Top of Data records

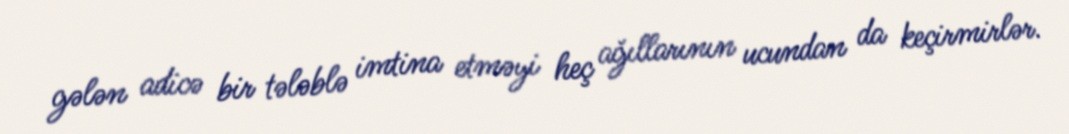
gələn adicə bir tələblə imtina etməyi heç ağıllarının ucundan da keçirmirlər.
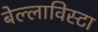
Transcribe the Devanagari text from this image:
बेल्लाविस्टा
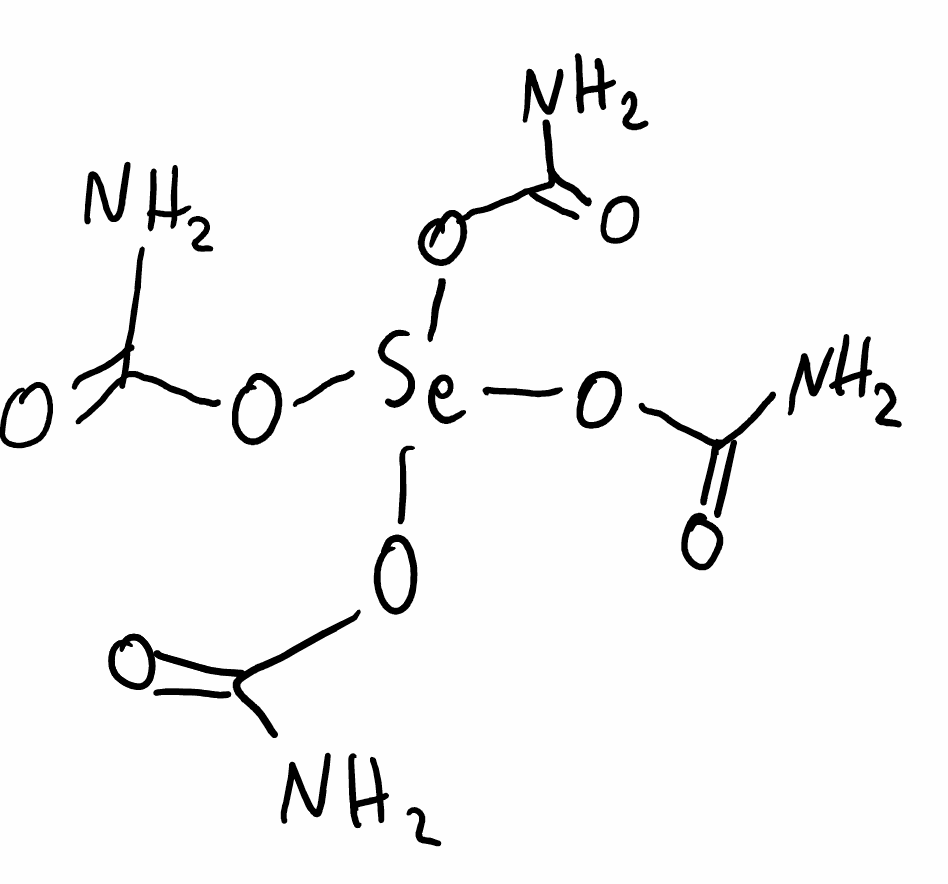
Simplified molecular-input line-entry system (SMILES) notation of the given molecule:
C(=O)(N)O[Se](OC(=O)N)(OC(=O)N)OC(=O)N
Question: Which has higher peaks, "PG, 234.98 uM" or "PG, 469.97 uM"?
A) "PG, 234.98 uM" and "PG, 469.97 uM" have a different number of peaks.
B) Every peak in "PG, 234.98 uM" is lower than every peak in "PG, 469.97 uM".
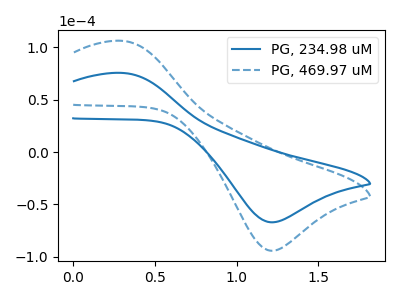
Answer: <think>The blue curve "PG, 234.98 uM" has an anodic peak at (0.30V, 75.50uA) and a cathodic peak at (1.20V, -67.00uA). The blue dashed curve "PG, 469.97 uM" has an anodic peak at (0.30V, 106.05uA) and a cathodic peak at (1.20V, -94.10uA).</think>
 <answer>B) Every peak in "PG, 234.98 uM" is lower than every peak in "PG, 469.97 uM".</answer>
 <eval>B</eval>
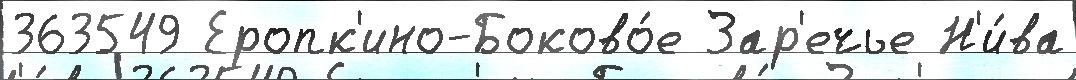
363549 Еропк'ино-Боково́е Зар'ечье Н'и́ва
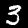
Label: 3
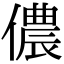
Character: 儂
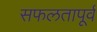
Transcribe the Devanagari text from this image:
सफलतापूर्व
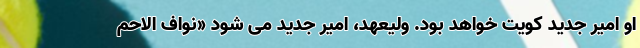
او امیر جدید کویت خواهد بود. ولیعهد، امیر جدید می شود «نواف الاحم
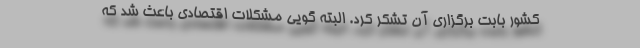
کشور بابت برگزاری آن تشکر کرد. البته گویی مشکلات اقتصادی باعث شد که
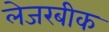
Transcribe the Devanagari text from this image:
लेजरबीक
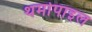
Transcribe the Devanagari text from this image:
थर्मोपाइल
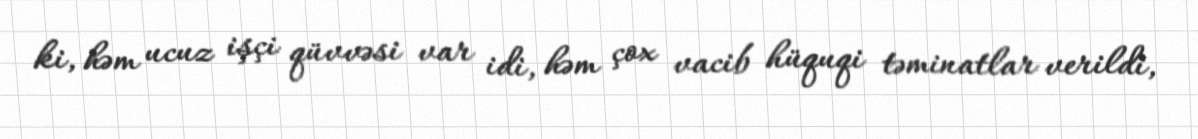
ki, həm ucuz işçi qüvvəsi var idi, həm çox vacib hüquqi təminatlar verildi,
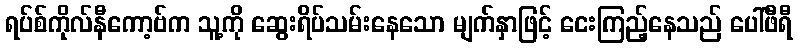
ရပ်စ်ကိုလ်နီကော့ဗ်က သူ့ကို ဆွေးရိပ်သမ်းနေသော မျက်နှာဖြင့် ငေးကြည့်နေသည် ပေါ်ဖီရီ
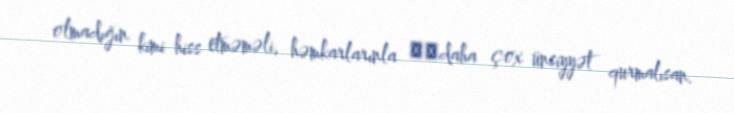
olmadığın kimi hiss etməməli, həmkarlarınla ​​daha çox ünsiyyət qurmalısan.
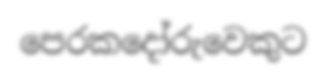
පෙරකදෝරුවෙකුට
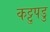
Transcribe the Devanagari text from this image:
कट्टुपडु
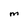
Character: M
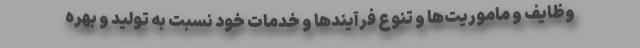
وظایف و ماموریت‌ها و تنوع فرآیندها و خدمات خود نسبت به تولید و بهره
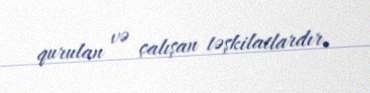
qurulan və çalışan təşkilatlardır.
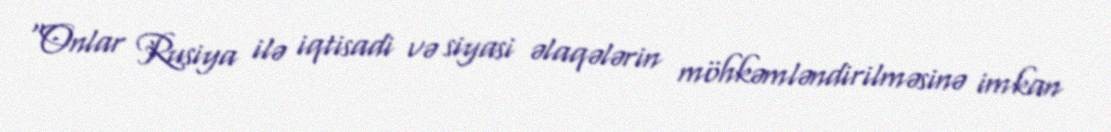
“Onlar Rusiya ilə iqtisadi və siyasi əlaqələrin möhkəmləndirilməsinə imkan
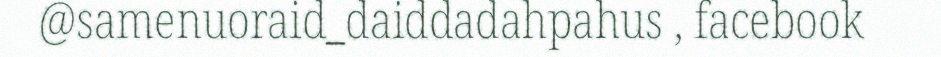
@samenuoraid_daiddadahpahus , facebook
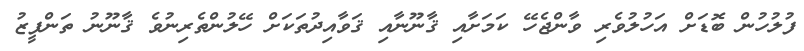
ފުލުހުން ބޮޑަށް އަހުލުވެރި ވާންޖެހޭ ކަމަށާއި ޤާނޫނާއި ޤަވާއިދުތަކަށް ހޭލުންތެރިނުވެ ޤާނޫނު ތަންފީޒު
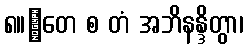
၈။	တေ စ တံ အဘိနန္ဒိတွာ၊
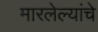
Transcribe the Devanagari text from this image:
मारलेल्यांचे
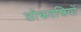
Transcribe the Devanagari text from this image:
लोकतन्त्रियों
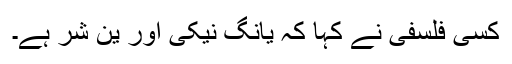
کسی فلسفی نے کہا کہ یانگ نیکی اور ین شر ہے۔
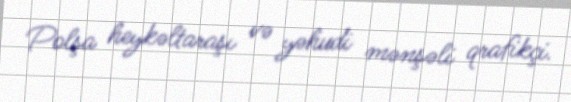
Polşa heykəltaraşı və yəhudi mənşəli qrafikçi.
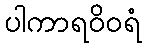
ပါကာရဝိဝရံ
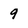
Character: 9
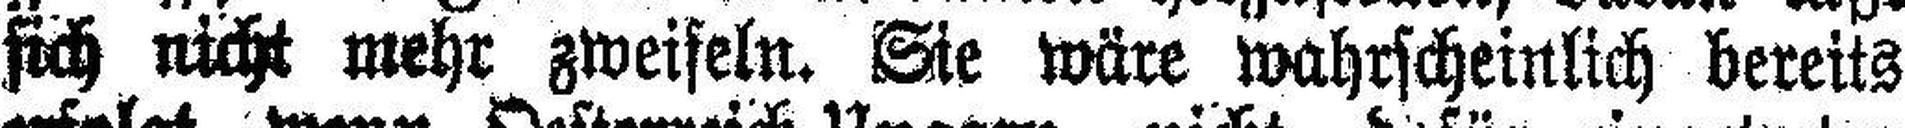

Bottom of Data records

The problem ▸ Wherever the string "peaks" occurs in the records above, copy that line.

Answer box ▸
Question: Which has higher peaks, "PG, 234.98 uM" or "PG, 469.97 uM"?
A) "PG, 234.98 uM" and "PG, 469.97 uM" have a different number of peaks.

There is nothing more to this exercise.